Panel member Rene Miville suggested reaching out to island real estate agents, also.

As for funding the project, Mintz reported that Lee County staff agreed to work with the panel on the community code and assist as need be, but will not be providing any financial assistance as of now.

"The county no longer budgets for community planning. They're not giving money to anybody," he said, explaining that the panel is seeking an agreement again. "It makes us the official contractual representatives for Captiva."

Mintz said he has meetings set up with two county commissioners to discuss the matter.

"They've been supportive in the past," he said.

According to Gooderham, the county had provided up to $50,000 in the past for multi-year agreements. The costs were covered by the Captiva Community Panel, then later reimbursed under the agreement.

"The funding isn't gone - don't say that yet," he said. "We just haven't given them a good excuse."

The remaining public workshops on the Captiva Code are Feb. 28, March 13 and March 28.

The deadline for responses to the online community survey is March 30.

At the December meeting, Mintz reported that Lee County had sent its Captiva Plan up to the state for approval.
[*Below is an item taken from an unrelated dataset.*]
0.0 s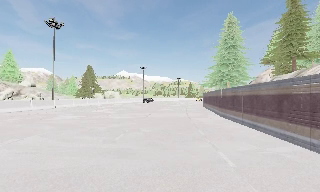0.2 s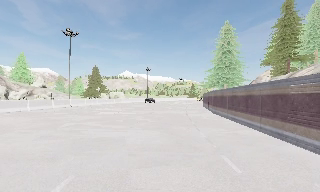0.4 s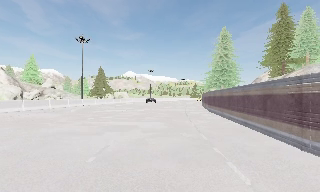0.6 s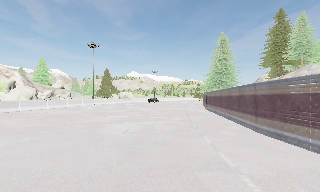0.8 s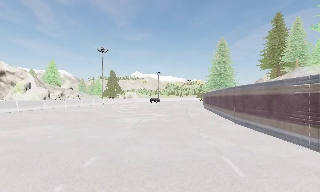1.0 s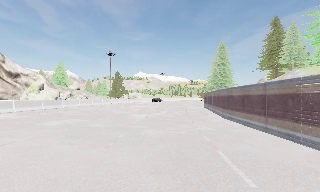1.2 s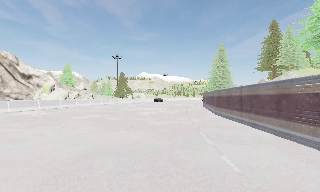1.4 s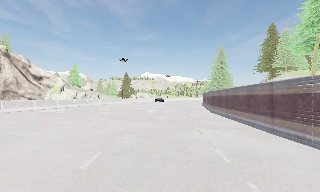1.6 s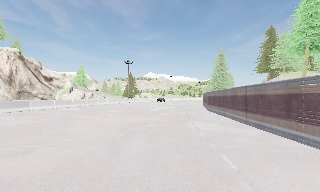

The latest revisions are undergoing review, pending a final public hearing for adoption.

For more information on the code and plan, visit www.captivacommunitypanel.com.

Also at the meeting, the panel elected its new officers for 2018. Mintz was named president, while Mike Boris was elected to vice president, Tom Rathbone was made treasurer and Mike Mullins took up the position of secretary. It also welcomed in two new members, Mike Kelly and Antje Benjamin.

North Captiva land

development code amendment

Recently, Lee County was considering permitting septic tanks seaward of the 1978 (Coastal Construction Control Line). At the January meeting, Mintz reported that he had received a letter from the county attorney regarding the issue; the panel had passed a resolution opposing the move.

"The decision has been made to pull the proposed amendment until staff has more time to analyze the issue in a more comprehensive matter and communities have the opportunity to provide input," he read from the letter.

Mintz praised the move by county officials.

"We're going to have a lot more time to deal with this issue," he said. "It's a good thing, but we have to stay vigilant on it."

Invasive species

Panel member Dave Jensen reported that he had heard back from Florida Fish and Wildlife on the green iguanas. He said they are labeled as a "nuisance" because they eat vegetation and can burrow into seawalls, causing damage. Sanibel and Boca Grande have eradication programs in place for them.

Jensen said he did not believe Captiva was at that point, but he is monitoring the situation.

"If it's something the community wants - we need to pay for it," he said of an eradication program.

Captiva Drive speed, safety issues

Panel member Mike Lanigan reported that a review of Captiva Drive clocked the average speed of motorists at about 30 mph. Based off the results, he said there did not appear to be a problem.

"It doesn't seem like an awful traffic safety issue," he said.

He noted, however, that the Lee County Department of Transportation is coming out to do a site inspection and survey. One possible suggestion might be installing more signage for drivers.

Website redesign, communications effort

Lanigan reported that meetings with vendors are expected later this month.

"We should be able to proceed quickly after that," he said.

Lanigan noted that the improved website will help with the Captiva Code project.

Mintz suggested that the panel create a standing communications committee, which would be tasked with managing the panel's website and using social media to connect better with the community.

"I think it's important that we do that," he said.

The next meeting is Feb. 13 at 9 a.m. at South Seas Island Resort, at 5400 Plantation Road, Captiva.